Como foi a decisão de deixar o Haiti e vir para o Brasil?
Em 2004, o Haiti passou por uma crise social, e o Brasil enviou tropas de paz. Isso fez com que o país se tornasse uma referência para muitos haitianos. Eu já havia morado no Equador por alguns meses, mas foi no Brasil que decidi recomeçar. Um amigo me falou sobre o programa da Dália, em Encantado, e eu vim. Cheguei em 19 de dezembro de 2012, sem falar português, mas disposto a me adaptar.
E a adaptação à língua e à cultura?
Foi um desafio. No Haiti, falava crioulo e francês, e também domino espanhol e inglês. Mas o português era completamente novo. Comprei um dicionário inglês-português na tabacaria e comecei a assistir TV e ouvir rádio para aprender. Fiz um curso de seis meses oferecido pela prefeitura e, depois, uma prova de proficiência na Ulbra, em Porto Alegre. Hoje, dou aulas de matemática e até ensinei português para outros imigrantes.
Como foi a chegada em Encantado?
Fui acolhido pela família Dias e Frigeri, especialmente pela dona Alda e o Armindo. Eles me ajudaram muito. Trabalhei na Dália por um ano e quatro meses, mas meu sonho sempre foi atuar na educação. Sou formado em Matemática e, no Haiti, lecionava do 9º ano ao Ensino Médio. Aqui, consegui validar meu diploma e hoje trabalho na Escola Estadual General Souza Doca, em Muçum, e na Escola Estadual Vespasiano Corrêa.
E a vida familiar?
Tenho dois filhos, Vitória e Gabriel, que nasceram aqui. Eles são encantadenses de coração (risos). Comprei um terreno e financiei nossa casa em 2021. Também tenho um carro para levar as crianças à escola e ao trabalho. Minha vida está aqui. Me sinto em casa.
Como é a relação com a comunidade?
A integração é um processo. Fomos acolhidos, mas ainda há um caminho para nos sentirmos totalmente inseridos. Temos uma cultura rica, que pode ser compartilhada com a comunidade. No Haiti, somos descendentes da África, e nossa história é cheia de tradições. Mas, muitas vezes, ficamos isolados, apenas trabalhando e voltando para casa. Precisamos de um olhar mais atento para que possamos contribuir mais.
E a família no Haiti?
Tenho duas irmãs no Haiti e um irmão em Porto Alegre. Outros irmãos estão nos Estados Unidos. Converso todos os dias com minhas irmãs que estão no Haiti. Agora, com minha cidadania brasileira, estou tentando trazê-las para cá.
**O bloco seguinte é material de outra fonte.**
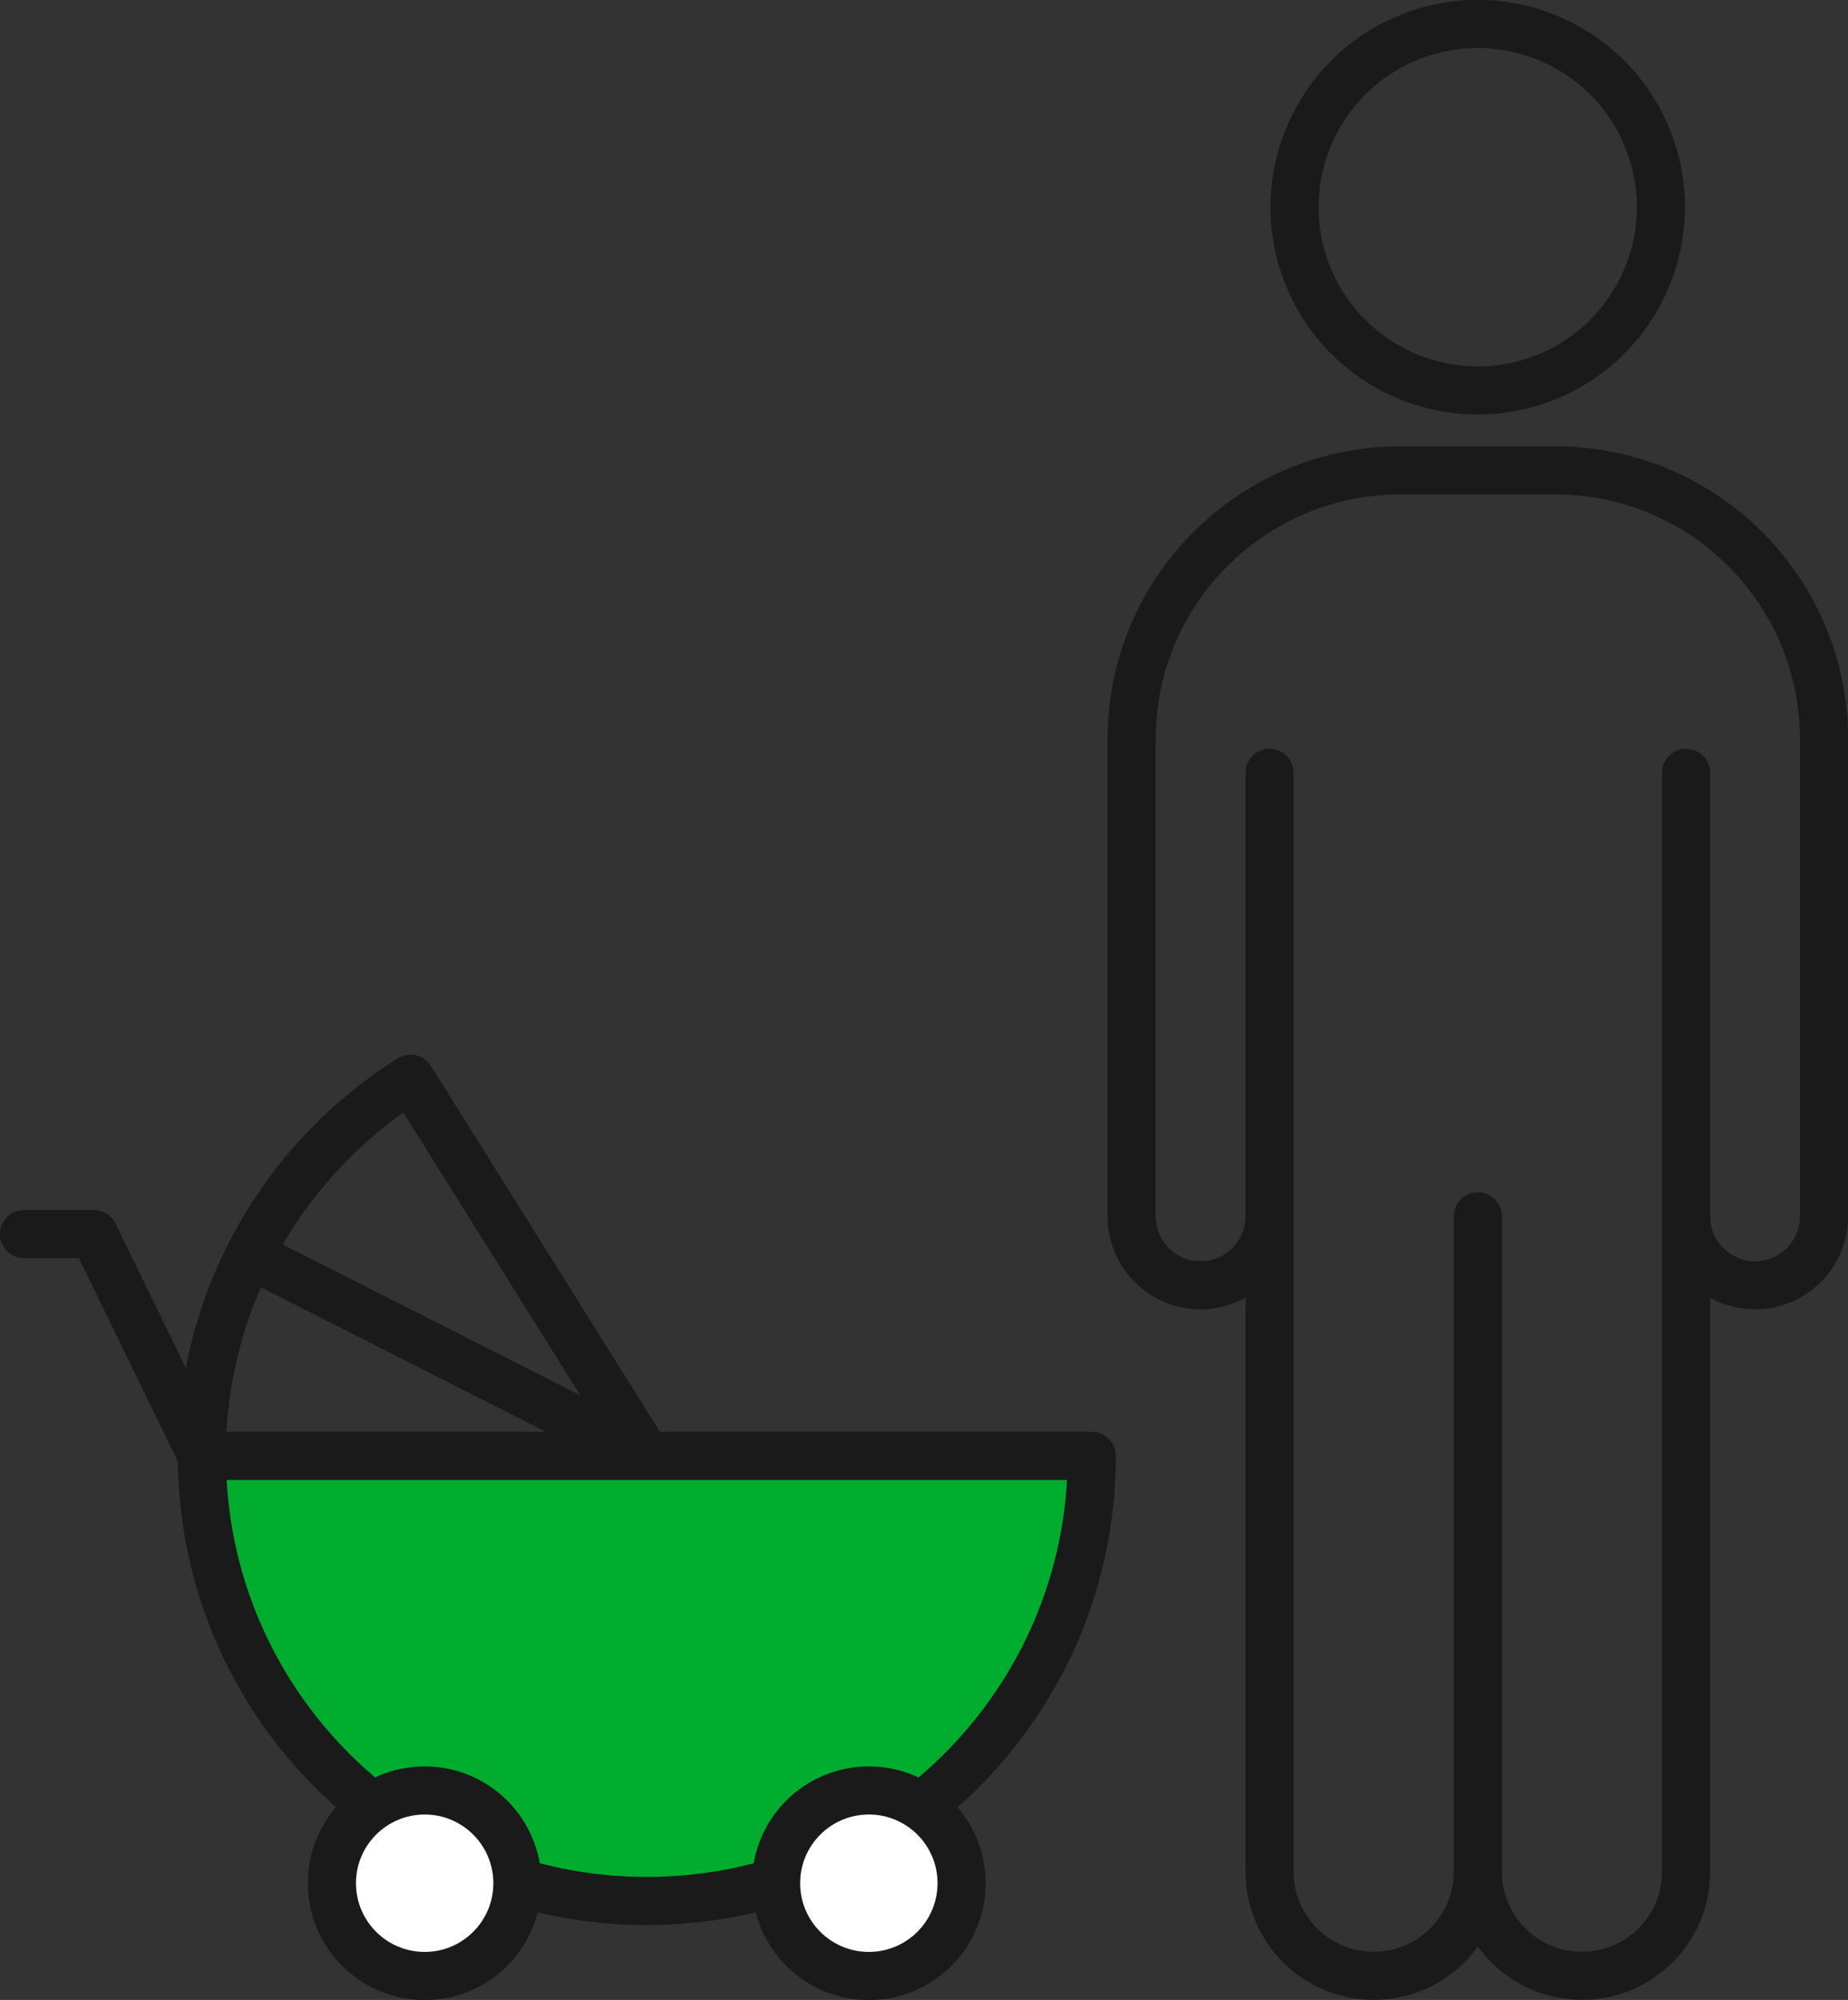 <?xml version="1.0" encoding="UTF-8"?><svg id="_レイヤー_2" xmlns="http://www.w3.org/2000/svg" width="95.65" height="103.49" viewBox="0 0 95.65 103.49"><rect x="0" y="0" width="95.65" height="103.49" fill="#333333" stroke="none"/><defs><style>.cls-1{fill:#00ad2f;}.cls-1,.cls-2,.cls-3{stroke:#1a1a1a;stroke-linecap:round;stroke-linejoin:round;stroke-width:2.49px;}.cls-2{fill:none;}.cls-3{fill:#fff;}</style></defs><g id="_文字"><path class="cls-2" d="M21.25,55.82c-6.49,4.07-10.81,11.29-10.81,19.52,0-8.23,4.32-15.44,10.81-19.52l12.22,19.52-20.54-10.41"/><polyline class="cls-2" points="10.45 75.34 4.86 63.86 1.24 63.86"/><circle class="cls-2" cx="76.49" cy="10.72" r="9.48" transform="translate(1.21 28.02) rotate(-20.92)"/><path class="cls-2" d="M87.27,39.99v22.95c0,1.97,1.6,3.57,3.57,3.57h0c1.97,0,3.57-1.6,3.57-3.57v-24.68c0-7.69-6.23-13.92-13.92-13.92h-8c-7.69,0-13.92,6.23-13.92,13.92v24.68c0,1.97,1.6,3.57,3.57,3.57h0c1.97,0,3.57-1.6,3.57-3.57v-22.95"/><path class="cls-2" d="M76.49,96.85c0,2.98,2.41,5.39,5.39,5.39h0c2.98,0,5.39-2.41,5.39-5.39v-33.91"/><path class="cls-2" d="M65.71,62.94v33.91c0,2.98,2.41,5.39,5.39,5.39h0c2.98,0,5.39-2.41,5.39-5.39v-33.91"/><path class="cls-1" d="M56.51,75.34c0,12.72-10.31,23.03-23.03,23.03-12.72,0-23.03-10.31-23.03-23.03h46.06Z"/><circle class="cls-3" cx="44.97" cy="97.45" r="4.8"/><circle class="cls-3" cx="21.98" cy="97.45" r="4.8"/></g></svg>

Já mandei a documentação necessária para que possam vir.
O que diria para quem está começando uma nova vida em outro país?
Não é fácil, mas é possível. A vida é uma adaptação constante. É preciso aprender a língua, respeitar a cultura e buscar oportunidades. A educação foi minha aliada, e acredito que pode ser a de muitos outros. Por isso, nunca desistam dos seus sonhos. A vida é feita de recomeços, e cada um deles pode ser o início de uma nova história.